Rönngren's career developed in step with the broader movement to establish a home-grown Swedish-language theatre in Finland. In 1908 he became a teacher at Svenska Teatern's acting school, in 1916 secretary of the theatre's board, and a few years later operational director with responsibility for the entire institution. The title of theatre director was introduced only later.

When Svenska Teatern's acting school was founded in early 1908, a Swedish-born actor was appointed teacher of stagecraft and head of the school, but he prioritised his own artistic work and the school's activities were poorly organised. Rönngren, who taught elocution, was particularly concerned about the position of Finland-Swedish on the stage. His efforts to develop a dialect-free indigenous stage language met with prejudice from others on the teaching staff. The situation improved when Rönngren became head of the school in 1910. Gerda Wrede took over the leadership of the acting school in 1931, but it remained subordinate to Svenska Teatern and thus to its director Rönngren.

In practice Rönngren gathered all the reins of Svenska Teatern into his own hands, and in 1919 it was a natural step for him to become operational director, though not without resistance. For most of his long tenure he led Svenska Teatern alone.
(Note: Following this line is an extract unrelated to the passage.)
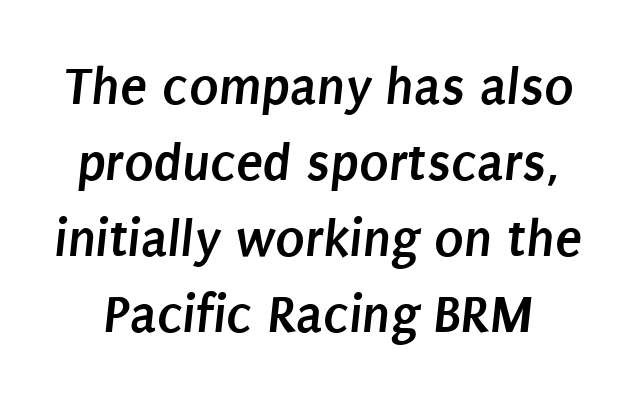
{"serif": "no", "bold": "yes", "weight": "semibold", "width": "condensed", "stroke_contrast": "low", "x_height": "large", "monospaced": "no", "underline": "no", "line_spacing": "normal", "line_spacing_ratio": 1.38, "letter_spacing": "normal", "letter_spacing_em": 0.0, "glyph_px": 55}

Only in the first year did he have an artistic director at his side; from 1945 there was a deputy director, first Leo Golowin and then Runar Schauman, who succeeded Rönngren in 1954. By those final years Rönngren had already passed the official retirement age.

Since the 1860s, Svenska Teatern in Helsinki had recruited its actors and directors primarily from Stockholm, and audiences had grown accustomed to stars from Sweden whose manner of speech was regarded as the "correct" stage language. Breaking that norm was no easy matter, but audiences gradually came to accept the Finland-Swedish accent. In the years of nationalisation it was even seen as a patriotic act to become an actor.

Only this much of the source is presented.